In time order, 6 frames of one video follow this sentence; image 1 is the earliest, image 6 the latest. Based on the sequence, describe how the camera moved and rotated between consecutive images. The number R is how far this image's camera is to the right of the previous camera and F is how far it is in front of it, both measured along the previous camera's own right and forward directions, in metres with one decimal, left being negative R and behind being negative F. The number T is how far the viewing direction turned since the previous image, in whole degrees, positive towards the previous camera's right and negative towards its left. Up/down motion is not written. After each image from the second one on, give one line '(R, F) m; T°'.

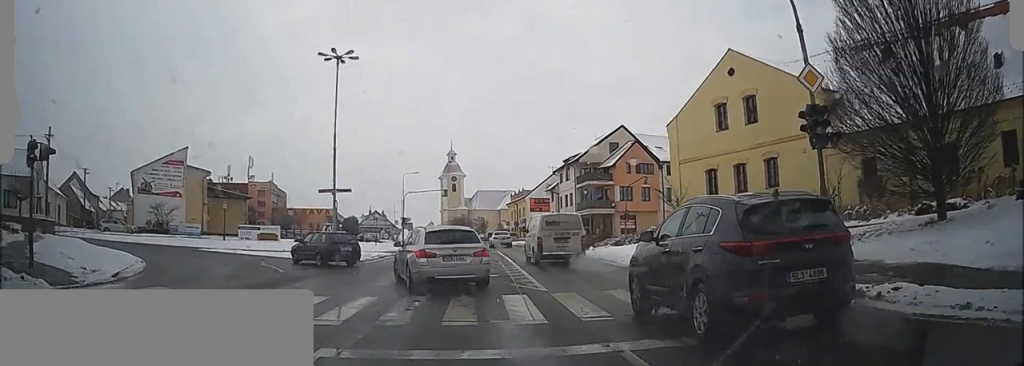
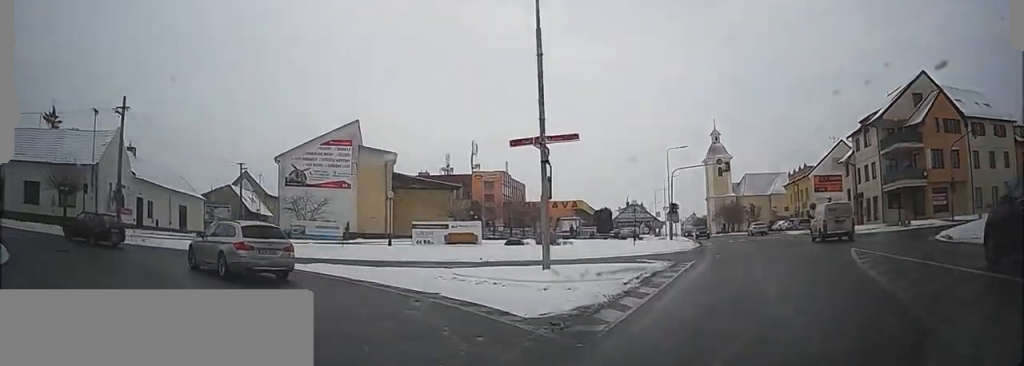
(0.0, +18.3) m; -13°
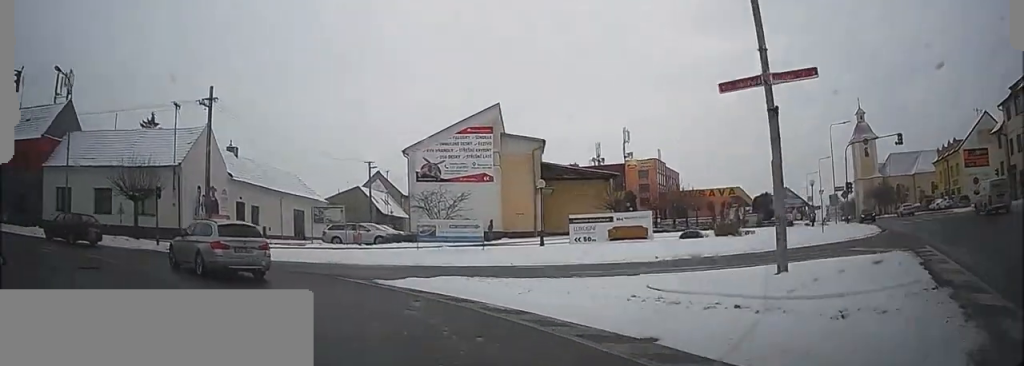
(-2.1, +6.2) m; -21°
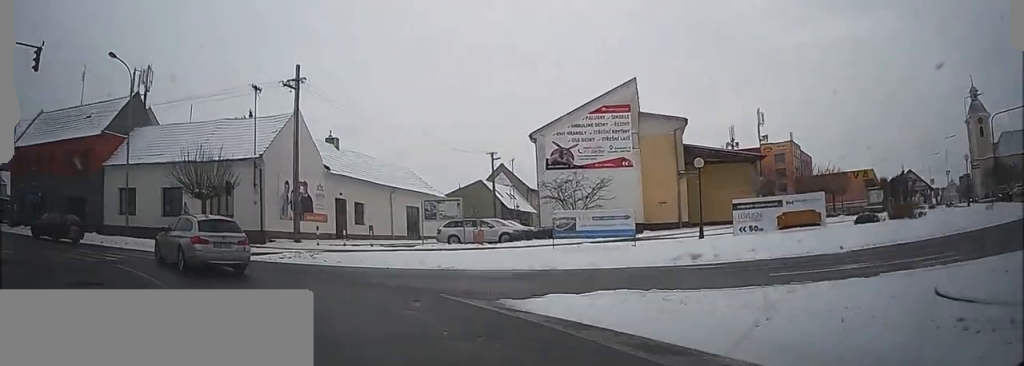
(-0.7, +5.3) m; -8°
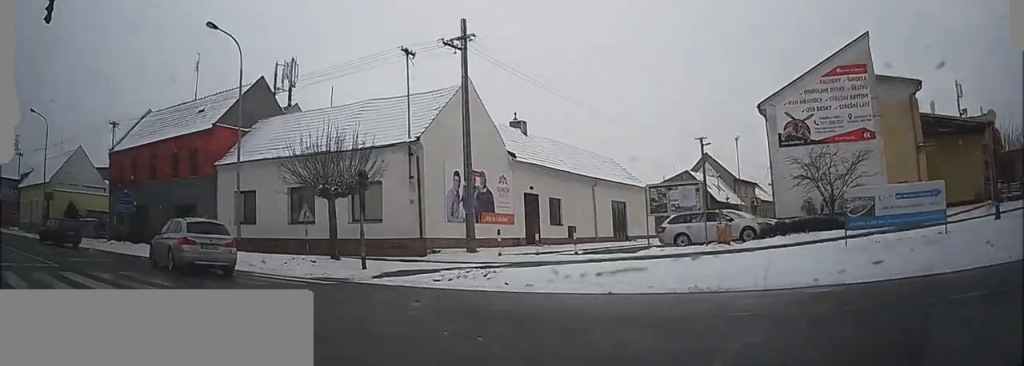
(-0.6, +8.4) m; -13°
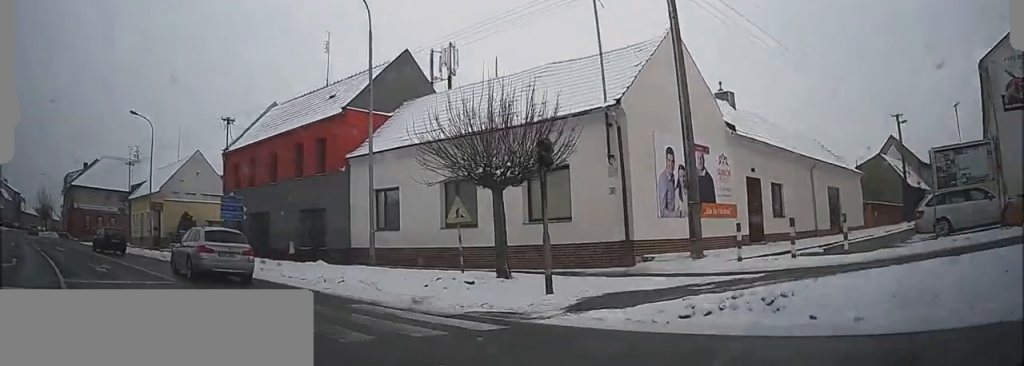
(-0.5, +6.7) m; -16°
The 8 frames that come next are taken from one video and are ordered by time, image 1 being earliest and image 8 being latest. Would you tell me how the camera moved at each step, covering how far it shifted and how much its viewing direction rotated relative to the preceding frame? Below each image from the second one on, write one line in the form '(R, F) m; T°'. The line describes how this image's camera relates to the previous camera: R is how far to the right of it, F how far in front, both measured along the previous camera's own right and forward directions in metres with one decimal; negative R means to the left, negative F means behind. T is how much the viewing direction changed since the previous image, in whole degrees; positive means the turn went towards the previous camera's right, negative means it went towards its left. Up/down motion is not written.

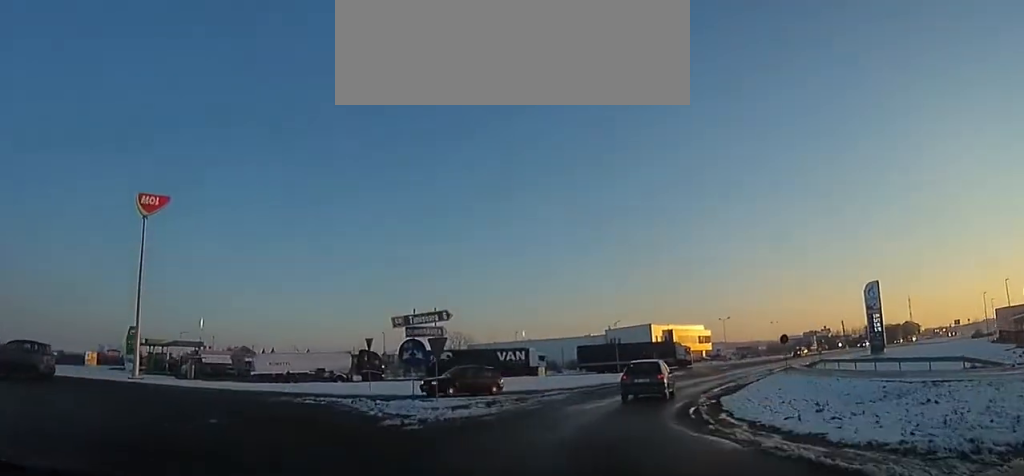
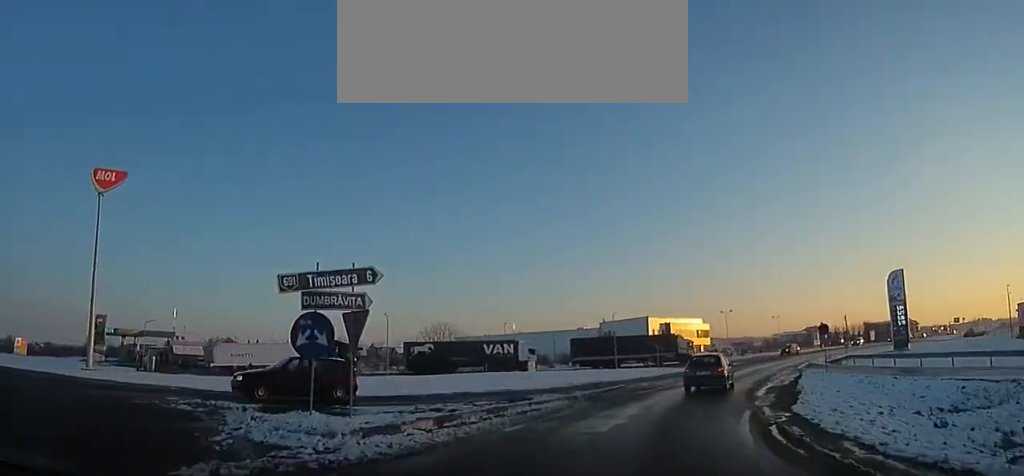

○ ○ ○ ○

_Work required_
The records above must be echoed exactly, minus their pictures.

_Answer to the problem_
In time order, 6 frames of one video follow this sentence; image 1 is the earliest, image 6 the latest. Based on the sequence, describe how the camera moved and rotated between consecutive images. The number R is how far this image's camera is to the right of the previous camera and F is how far it is in front of it, both measured along the previous camera's own right and forward directions, in metres with one decimal, left being negative R and behind being negative F. The number T is how far the viewing direction turned since the previous image, in whole degrees, positive towards the previous camera's right and negative towards its left. Up/down motion is not written. After each image from the second one on, give one line '(R, F) m; T°'.

(0.0, +18.3) m; -13°
(-2.1, +6.2) m; -21°
(-0.7, +5.3) m; -8°
(-0.6, +8.4) m; -13°
(-0.5, +6.7) m; -16°
The 8 frames that come next are taken from one video and are ordered by time, image 1 being earliest and image 8 being latest. Would you tell me how the camera moved at each step, covering how far it shifted and how much its viewing direction rotated relative to the preceding frame? Below each image from the second one on, write one line in the form '(R, F) m; T°'. The line describes how this image's camera relates to the previous camera: R is how far to the right of it, F how far in front, both measured along the previous camera's own right and forward directions in metres with one decimal; negative R means to the left, negative F means behind. T is how much the viewing direction changed since the previous image, in whole degrees; positive means the turn went towards the previous camera's right, negative means it went towards its left. Up/down motion is not written.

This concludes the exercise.